Content starts
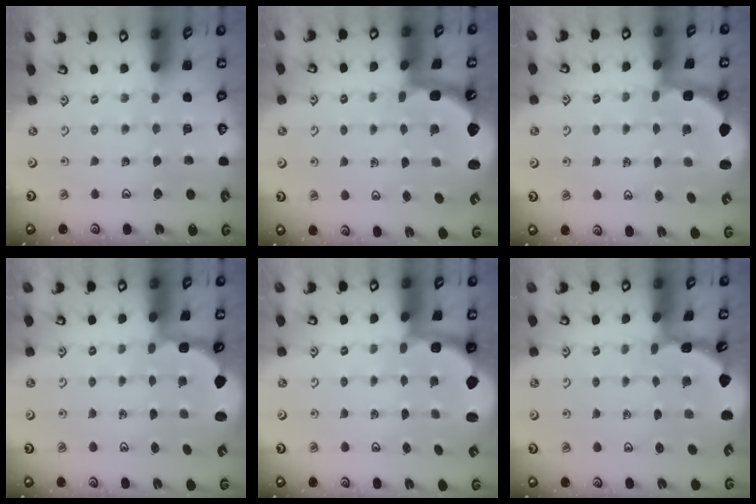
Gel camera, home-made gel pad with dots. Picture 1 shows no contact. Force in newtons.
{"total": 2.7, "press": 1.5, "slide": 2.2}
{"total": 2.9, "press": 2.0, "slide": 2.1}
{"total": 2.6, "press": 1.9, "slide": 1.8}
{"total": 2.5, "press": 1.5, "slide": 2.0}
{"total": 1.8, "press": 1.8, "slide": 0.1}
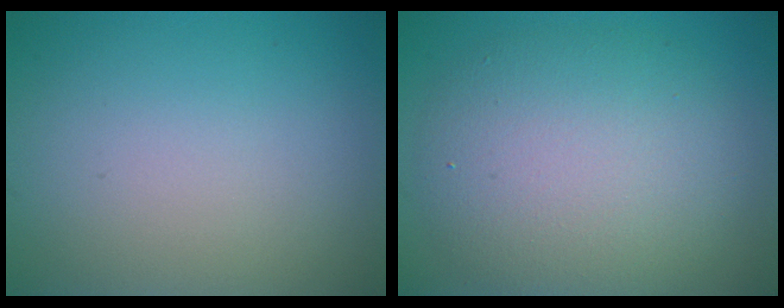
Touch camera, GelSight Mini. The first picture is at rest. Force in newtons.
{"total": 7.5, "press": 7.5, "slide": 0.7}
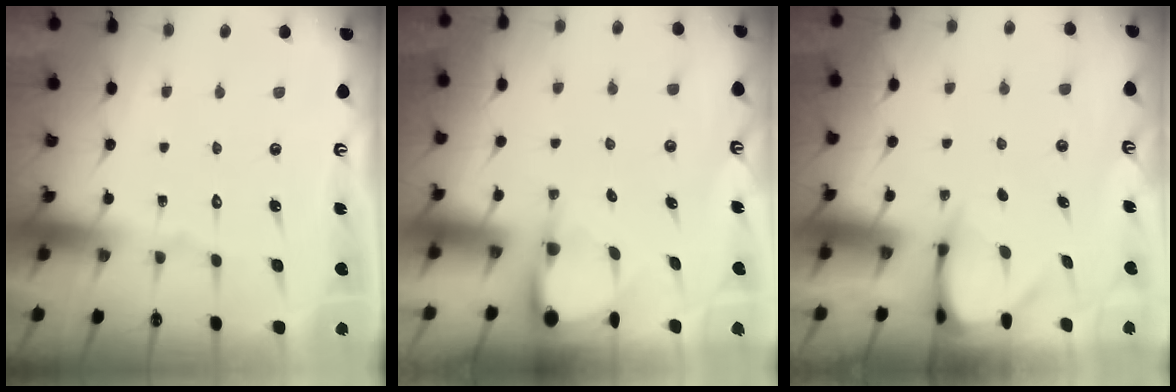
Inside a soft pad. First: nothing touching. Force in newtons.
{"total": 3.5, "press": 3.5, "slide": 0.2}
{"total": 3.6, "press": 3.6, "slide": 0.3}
Content ends
Brief
Skipping the pictures, transcribe each line above exactly as it appears.

The completed task
Gel camera, home-made gel pad with dots. Picture 1 shows no contact. Force in newtons.
{"total": 2.7, "press": 1.5, "slide": 2.2}
{"total": 2.9, "press": 2.0, "slide": 2.1}
{"total": 2.6, "press": 1.9, "slide": 1.8}
{"total": 2.5, "press": 1.5, "slide": 2.0}
{"total": 1.8, "press": 1.8, "slide": 0.1}
Touch camera, GelSight Mini. The first picture is at rest. Force in newtons.
{"total": 7.5, "press": 7.5, "slide": 0.7}
Inside a soft pad. First: nothing touching. Force in newtons.
{"total": 3.5, "press": 3.5, "slide": 0.2}
{"total": 3.6, "press": 3.6, "slide": 0.3}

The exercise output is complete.